**Task requirements**
Write out exactly the lines below that run from the one containing "e aí também" through the one containing "여러분 본당 헌당이라는 시대적 미션이 237 서밋으로 그렇게 당당하게 지금", both included, with no other lines.

**Data to examine**
Content starts

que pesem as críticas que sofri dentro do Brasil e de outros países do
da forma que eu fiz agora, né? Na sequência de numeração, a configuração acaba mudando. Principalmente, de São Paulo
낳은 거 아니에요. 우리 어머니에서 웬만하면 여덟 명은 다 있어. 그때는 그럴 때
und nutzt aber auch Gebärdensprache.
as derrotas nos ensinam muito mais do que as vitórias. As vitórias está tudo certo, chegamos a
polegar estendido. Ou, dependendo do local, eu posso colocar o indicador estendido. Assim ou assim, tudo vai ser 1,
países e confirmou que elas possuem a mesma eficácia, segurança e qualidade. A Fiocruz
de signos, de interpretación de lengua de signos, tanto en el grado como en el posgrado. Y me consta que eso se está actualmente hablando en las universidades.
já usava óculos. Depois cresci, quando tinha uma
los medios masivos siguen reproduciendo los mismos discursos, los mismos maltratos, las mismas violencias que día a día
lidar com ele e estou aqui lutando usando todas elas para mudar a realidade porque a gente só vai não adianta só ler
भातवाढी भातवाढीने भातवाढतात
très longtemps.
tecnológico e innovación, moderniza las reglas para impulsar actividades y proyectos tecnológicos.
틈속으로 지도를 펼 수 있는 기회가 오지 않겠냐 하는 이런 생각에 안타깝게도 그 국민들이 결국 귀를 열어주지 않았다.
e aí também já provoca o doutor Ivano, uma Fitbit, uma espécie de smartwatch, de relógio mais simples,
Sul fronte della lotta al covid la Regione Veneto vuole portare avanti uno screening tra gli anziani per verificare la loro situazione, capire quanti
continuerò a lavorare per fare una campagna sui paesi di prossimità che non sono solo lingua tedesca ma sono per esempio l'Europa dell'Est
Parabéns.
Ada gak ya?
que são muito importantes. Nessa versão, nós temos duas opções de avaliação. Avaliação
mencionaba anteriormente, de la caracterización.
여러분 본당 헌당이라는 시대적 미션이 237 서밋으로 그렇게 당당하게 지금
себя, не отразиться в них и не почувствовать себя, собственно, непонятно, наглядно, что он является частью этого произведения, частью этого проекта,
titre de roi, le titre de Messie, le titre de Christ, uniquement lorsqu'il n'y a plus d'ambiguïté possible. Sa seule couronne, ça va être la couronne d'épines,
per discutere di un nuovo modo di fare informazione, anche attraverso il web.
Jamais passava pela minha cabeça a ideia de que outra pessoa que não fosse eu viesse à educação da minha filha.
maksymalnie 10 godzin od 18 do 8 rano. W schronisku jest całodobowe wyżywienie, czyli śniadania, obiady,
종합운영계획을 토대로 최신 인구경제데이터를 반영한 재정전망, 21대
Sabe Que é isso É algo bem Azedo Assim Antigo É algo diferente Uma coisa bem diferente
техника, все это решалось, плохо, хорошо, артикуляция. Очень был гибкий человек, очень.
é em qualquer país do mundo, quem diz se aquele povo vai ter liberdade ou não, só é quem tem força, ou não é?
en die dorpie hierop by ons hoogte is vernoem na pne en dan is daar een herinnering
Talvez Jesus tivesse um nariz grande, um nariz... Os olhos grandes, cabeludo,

Content ends

**Result of the task**
e aí também já provoca o doutor Ivano, uma Fitbit, uma espécie de smartwatch, de relógio mais simples,
Sul fronte della lotta al covid la Regione Veneto vuole portare avanti uno screening tra gli anziani per verificare la loro situazione, capire quanti
continuerò a lavorare per fare una campagna sui paesi di prossimità che non sono solo lingua tedesca ma sono per esempio l'Europa dell'Est
Parabéns.
Ada gak ya?
que são muito importantes. Nessa versão, nós temos duas opções de avaliação. Avaliação
mencionaba anteriormente, de la caracterización.
여러분 본당 헌당이라는 시대적 미션이 237 서밋으로 그렇게 당당하게 지금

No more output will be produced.